_Task directions_. Using the entries that follow, write out the line containing "#2434=VERTEX_POINT('',#2433);", the line containing "#2475=DIRECTION('',(0.0,0.0,1.0));", and every line between them, exactly and nothing else.

_Provided data_.
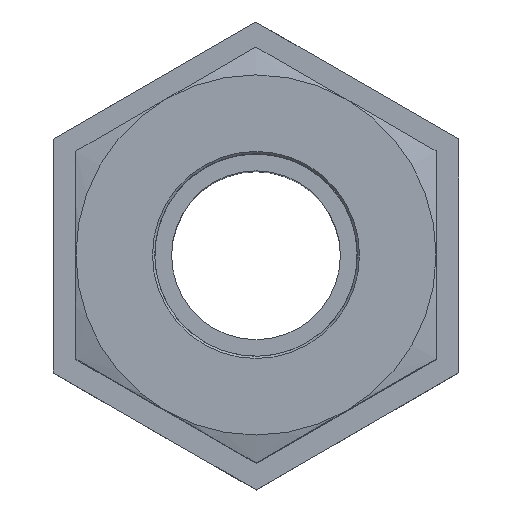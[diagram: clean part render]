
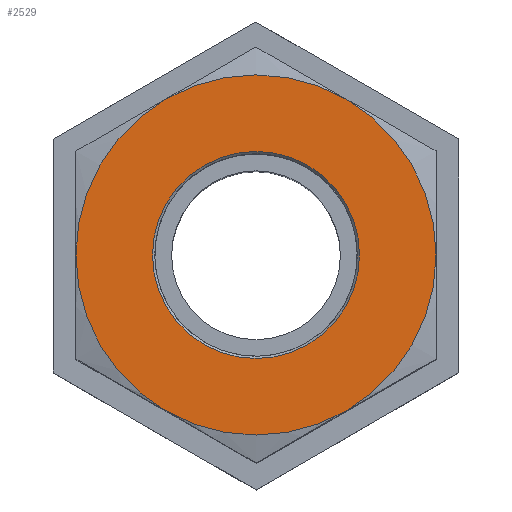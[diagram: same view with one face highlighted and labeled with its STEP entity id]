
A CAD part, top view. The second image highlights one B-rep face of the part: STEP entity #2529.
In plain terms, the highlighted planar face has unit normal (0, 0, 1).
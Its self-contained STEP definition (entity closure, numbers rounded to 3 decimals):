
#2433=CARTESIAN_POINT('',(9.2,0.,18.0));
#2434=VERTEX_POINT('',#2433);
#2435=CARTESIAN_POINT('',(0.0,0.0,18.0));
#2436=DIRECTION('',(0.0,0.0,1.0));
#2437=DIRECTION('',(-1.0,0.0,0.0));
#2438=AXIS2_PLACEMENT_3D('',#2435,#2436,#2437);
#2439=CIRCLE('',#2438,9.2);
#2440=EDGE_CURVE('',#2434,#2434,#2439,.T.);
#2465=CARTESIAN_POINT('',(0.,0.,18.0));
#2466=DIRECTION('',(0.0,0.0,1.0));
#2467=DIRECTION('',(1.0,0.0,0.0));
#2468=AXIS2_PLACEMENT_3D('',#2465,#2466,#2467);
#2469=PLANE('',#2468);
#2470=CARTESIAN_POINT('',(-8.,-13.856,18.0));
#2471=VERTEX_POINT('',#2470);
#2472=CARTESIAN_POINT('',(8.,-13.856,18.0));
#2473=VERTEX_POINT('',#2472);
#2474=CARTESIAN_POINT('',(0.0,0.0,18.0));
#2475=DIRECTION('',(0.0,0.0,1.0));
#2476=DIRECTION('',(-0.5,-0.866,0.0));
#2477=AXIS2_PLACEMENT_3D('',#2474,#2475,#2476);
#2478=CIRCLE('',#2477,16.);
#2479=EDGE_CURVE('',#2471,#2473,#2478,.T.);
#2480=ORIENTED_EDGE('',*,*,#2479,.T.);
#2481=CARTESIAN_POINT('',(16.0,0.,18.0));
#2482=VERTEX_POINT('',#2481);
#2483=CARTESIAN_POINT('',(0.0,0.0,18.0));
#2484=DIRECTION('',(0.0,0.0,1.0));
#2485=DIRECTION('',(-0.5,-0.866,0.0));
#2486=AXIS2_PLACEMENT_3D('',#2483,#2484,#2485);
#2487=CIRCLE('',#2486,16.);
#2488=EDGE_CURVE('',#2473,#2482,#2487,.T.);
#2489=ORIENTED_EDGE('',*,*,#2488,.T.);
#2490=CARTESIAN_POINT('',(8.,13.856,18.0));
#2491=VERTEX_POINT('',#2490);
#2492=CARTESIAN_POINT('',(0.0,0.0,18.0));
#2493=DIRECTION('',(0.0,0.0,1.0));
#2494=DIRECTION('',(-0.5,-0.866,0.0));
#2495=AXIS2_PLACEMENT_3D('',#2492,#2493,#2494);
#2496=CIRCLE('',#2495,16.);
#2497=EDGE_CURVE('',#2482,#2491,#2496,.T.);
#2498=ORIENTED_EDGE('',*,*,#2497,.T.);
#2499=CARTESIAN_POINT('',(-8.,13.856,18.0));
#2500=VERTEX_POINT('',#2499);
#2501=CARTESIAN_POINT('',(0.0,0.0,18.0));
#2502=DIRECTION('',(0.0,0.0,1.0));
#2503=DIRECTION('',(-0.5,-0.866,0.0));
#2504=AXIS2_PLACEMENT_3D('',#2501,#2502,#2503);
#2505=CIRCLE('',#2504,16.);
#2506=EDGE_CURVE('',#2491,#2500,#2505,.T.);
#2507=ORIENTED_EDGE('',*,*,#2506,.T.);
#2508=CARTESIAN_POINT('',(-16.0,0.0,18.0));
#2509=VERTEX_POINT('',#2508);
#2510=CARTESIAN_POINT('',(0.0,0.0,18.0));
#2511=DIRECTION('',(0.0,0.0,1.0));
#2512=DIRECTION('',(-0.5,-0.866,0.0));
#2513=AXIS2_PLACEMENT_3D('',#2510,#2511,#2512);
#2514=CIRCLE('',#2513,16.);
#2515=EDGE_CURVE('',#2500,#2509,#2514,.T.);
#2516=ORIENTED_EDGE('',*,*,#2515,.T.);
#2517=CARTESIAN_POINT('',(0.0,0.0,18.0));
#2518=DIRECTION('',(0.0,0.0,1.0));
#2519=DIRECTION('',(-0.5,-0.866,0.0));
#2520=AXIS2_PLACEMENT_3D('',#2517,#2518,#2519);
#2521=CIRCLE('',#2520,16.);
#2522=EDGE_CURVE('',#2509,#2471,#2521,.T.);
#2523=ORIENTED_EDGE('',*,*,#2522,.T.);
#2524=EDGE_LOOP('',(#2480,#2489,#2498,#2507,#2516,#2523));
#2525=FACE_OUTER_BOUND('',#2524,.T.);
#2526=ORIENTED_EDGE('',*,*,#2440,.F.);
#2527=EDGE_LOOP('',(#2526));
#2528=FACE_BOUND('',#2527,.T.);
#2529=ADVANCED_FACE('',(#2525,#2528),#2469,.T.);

_Solution to the exercise_.
#2434=VERTEX_POINT('',#2433);
#2435=CARTESIAN_POINT('',(0.0,0.0,18.0));
#2436=DIRECTION('',(0.0,0.0,1.0));
#2437=DIRECTION('',(-1.0,0.0,0.0));
#2438=AXIS2_PLACEMENT_3D('',#2435,#2436,#2437);
#2439=CIRCLE('',#2438,9.2);
#2440=EDGE_CURVE('',#2434,#2434,#2439,.T.);
#2465=CARTESIAN_POINT('',(0.,0.,18.0));
#2466=DIRECTION('',(0.0,0.0,1.0));
#2467=DIRECTION('',(1.0,0.0,0.0));
#2468=AXIS2_PLACEMENT_3D('',#2465,#2466,#2467);
#2469=PLANE('',#2468);
#2470=CARTESIAN_POINT('',(-8.,-13.856,18.0));
#2471=VERTEX_POINT('',#2470);
#2472=CARTESIAN_POINT('',(8.,-13.856,18.0));
#2473=VERTEX_POINT('',#2472);
#2474=CARTESIAN_POINT('',(0.0,0.0,18.0));
#2475=DIRECTION('',(0.0,0.0,1.0));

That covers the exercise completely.